Там было еще много разного — очень много! — всё в таком же ключе. Я вернул письмо моему другу, который аккуратно его сложил, легко коснулся губами и спрятал в карман.
— Красиво написано, вы согласны? С разрешения Джона я включил это, слово в слово, в работу, которую пишу для Стоддарда. Мой герой, Дориан Грей, «создан для обожания». А если верить Джону Грею, я тоже!
— Он очень странный молодой человек, — пробормотал я, делая большой глоток шампанского.
— Он красив и поклоняется мне, Роберт. Он искал меня, чтобы обожать! И теперь, когда он меня нашел, он не может со мной расстаться. Вы помните мои посещения тридцати семи моргов столицы? Я ходил туда не один, как говорил вам, Роберт. Джон Грей меня неизменно сопровождал. Да благословит его Господь — чем больше он сопровождал меня в поисках тела, тем сильней жаждал справедливости для Билли Вуда. В конце концов, он решил доказать верность мне и самостоятельно раскрыть это преступление! Такой дар он собирался возложить на мой алтарь.
— Неужели это возможно?
— О да, Роберт, в дни увядших желтых листьев моей дряхлости я смогу сказать: «И меня когда-то боготворили!» Когда вы заметили Джона Грея на железнодорожной станции в Эшфорде, скрывшегося в соседнем вагоне, он направлялся в Бродстэрс, чтобы поговорить с Сюзанной Вуд. Он проводил собственное расследование. Конечно, мы его опередили. Мы первыми встретили мать Билли. Тайная миссия Джона Грея провалилась. Он заметил нас на платформе вместе с миссис Вуд и не осмелился выйти из поезда, опасаясь себя выдать. Бедный мальчик, ему пришлось
— А сегодня он был готов совершить отвратительный акт с Фрейзером — ради вас?

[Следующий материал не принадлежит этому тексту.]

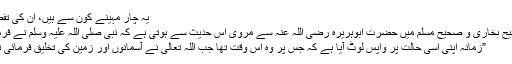
یہ چار مہینے کون سے ہیں، ان کی تفصیل
صحیح بخاری و صحیح مسلم میں حضرت ابوہریرہ رضی اللہ عنہ سے مروی اس حدیث سے ہوتی ہے کہ نبی صلی اللہ علیہ وسلم نے فرمایا:
”زمانہ اپنی اسی حالت پر واپس لوٹ آیا ہے کہ جس پر وہ اس وقت تھا جب اللہ تعالیٰ نے آسمانوں اور زمین کی تخلیق فرمائی تھی۔

— Да, но он признался, что и сам чувствует непонятное влечение к Фрейзеру. И оба испытывали слабость к свечам и ладану — к пресуществлению и Риму. Они были, как сказал бы Беллотти: «хлеб и масло».
— «Хлеб и масло»?
— В сущности, если учесть скромное происхождение Джона Грея, правильнее сказать: «хлеб и жир». Понимаете, Роберт, они подходили друг другу. Джон Грей с радостью согласился сыграть роль Беатриче для Фрейзера-Данте!
— Да, Оскар, — сказал я, вновь наполняя наши бокалы. — Я вас понял.

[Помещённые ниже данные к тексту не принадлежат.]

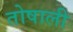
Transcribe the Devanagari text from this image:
तोषाली
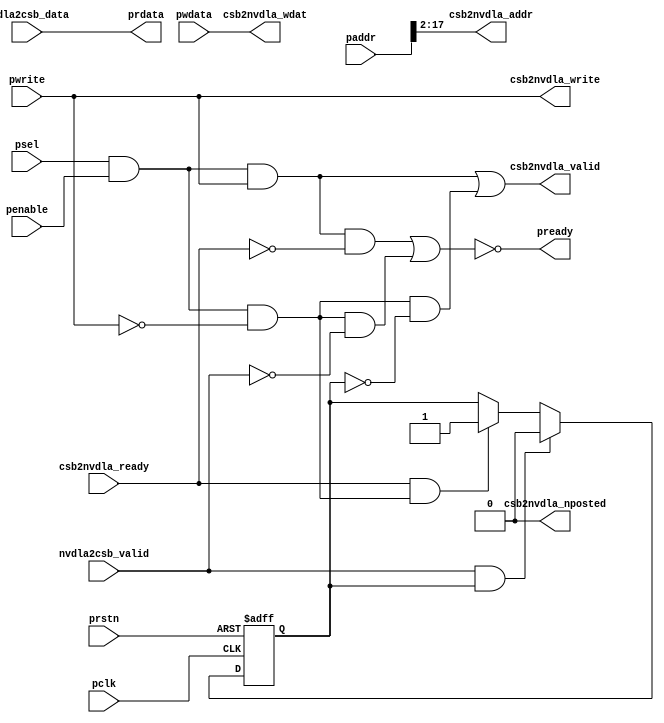
module NV_NVDLA_apb2csb (
   pclk
  ,prstn
  ,csb2nvdla_ready
  ,nvdla2csb_data
  ,nvdla2csb_valid
  ,paddr
  ,penable
  ,psel
  ,pwdata
  ,pwrite
  ,csb2nvdla_addr
  ,csb2nvdla_nposted
  ,csb2nvdla_valid
  ,csb2nvdla_wdat
  ,csb2nvdla_write
  ,prdata
  ,pready
  );
input pclk;
input prstn;
//apb interface
input psel;
input penable;
input pwrite;
input [31:0] paddr;
input [31:0] pwdata;
output [31:0] prdata;
output pready;
//csb interface
output csb2nvdla_valid;
input csb2nvdla_ready;
output [15:0] csb2nvdla_addr;
output [31:0] csb2nvdla_wdat;
output csb2nvdla_write;
output csb2nvdla_nposted;
input nvdla2csb_valid;
input [31:0] nvdla2csb_data;
//input nvdla2csb_wr_complete;
reg rd_trans_low;
wire rd_trans_vld;
wire wr_trans_vld;
// synoff nets
// monitor nets
// debug nets
// tie high nets
// tie low nets
// no connect nets
// not all bits used nets
// todo nets
assign wr_trans_vld = psel & penable & pwrite;
assign rd_trans_vld = psel & penable & ~pwrite;
always @(posedge pclk or negedge prstn) begin
  if (!prstn) begin
    rd_trans_low <= 1'b0;
  end else begin
    if(nvdla2csb_valid & rd_trans_low)
        rd_trans_low <= 1'b0;
    else if (csb2nvdla_ready & rd_trans_vld)
        rd_trans_low <= 1'b1;
  end
end
assign csb2nvdla_valid = wr_trans_vld | rd_trans_vld & ~rd_trans_low;
assign csb2nvdla_addr = paddr[17:2];
assign csb2nvdla_wdat = pwdata[31:0];
assign csb2nvdla_write = pwrite;
assign csb2nvdla_nposted = 1'b0;
assign prdata = nvdla2csb_data[31:0];
assign pready = ~(wr_trans_vld & ~csb2nvdla_ready | rd_trans_vld & ~nvdla2csb_valid);
endmodule

— Я счастлив знакомством с Джоном Греем и не жалею, что судьба свела меня с Эйданом Фрейзером. Именно вы, Роберт, и я хочу, чтобы вы это знали, помогли понять Фрейзера и раскрыть дело…
— Я?
— Да, вы, Роберт Шерард, мой друг, когда вы сказали мне, что решили в новом году следовать за своим сердцем, куда бы оно вас ни привело. Именно так и поступал Фрейзер, в буквальном смысле слова. В его жизни главное место занимала страсть, Эйдан Фрейзер безумно любил Билли Вуда. Прошедшие пять месяцев меня многому научили. Нет, Роберт, я не жалею, что занимался этим делом…
— Оскар, — проговорил я, откидываясь на спинку кресла с бокалом шампанского в руках и размышляя о том, наберусь ли я смелости задать ему вопрос, который давно хотел задать. — Вы так и не рассказали мне, почему оказались в доме номер двадцать три по Каули-стрит в тот день, в конце августа.
Он нахмурился.
— Я же несколько раз вам говорил, Роберт. У меня была назначена встреча с ученицей, юной леди…
— Юной леди?
— Да, юной леди, моей крестницей.
— Вашей крестницей? Я не знал, что у вас есть крестница! Неужели это правда, Оскар? Или ваша крестница еще один плод вашего необыкновенного воображения, как и ваши многочисленные тетушки?
— Моя крестница вполне реальна, Роберт, и она особенный и дорогой для меня человек. Она золотой луч солнца, полный жизни, энергии и тепла. Кроме того, она столь же талантлива, сколь прелестна. Ей всего пятнадцать, но она уже прекрасная актриса.
— Но почему же я до сих пор не видел вашей жемчужины?
— Бедняжка вынуждена скрываться. Она француженка… Да, Роберт, une jeune francaise tres belle. [112] Она приехала в Англию, спасаясь от отца, но он продолжает ее преследовать. Я постарался предоставить ей убежище. Нашел для нее комнату на площади Сохо, давал деньги и уроки. Учил девушку английскому и драматическому искусству! Иногда вместе с Билли Вудом. Они сверстники. Она очень талантлива и могла бы сыграть Джульетту, а он — Ромео. Вместе они смотрелись потрясающе.
112
Une jeune francaise tres belle (фр.) — очень красивая юная француженка.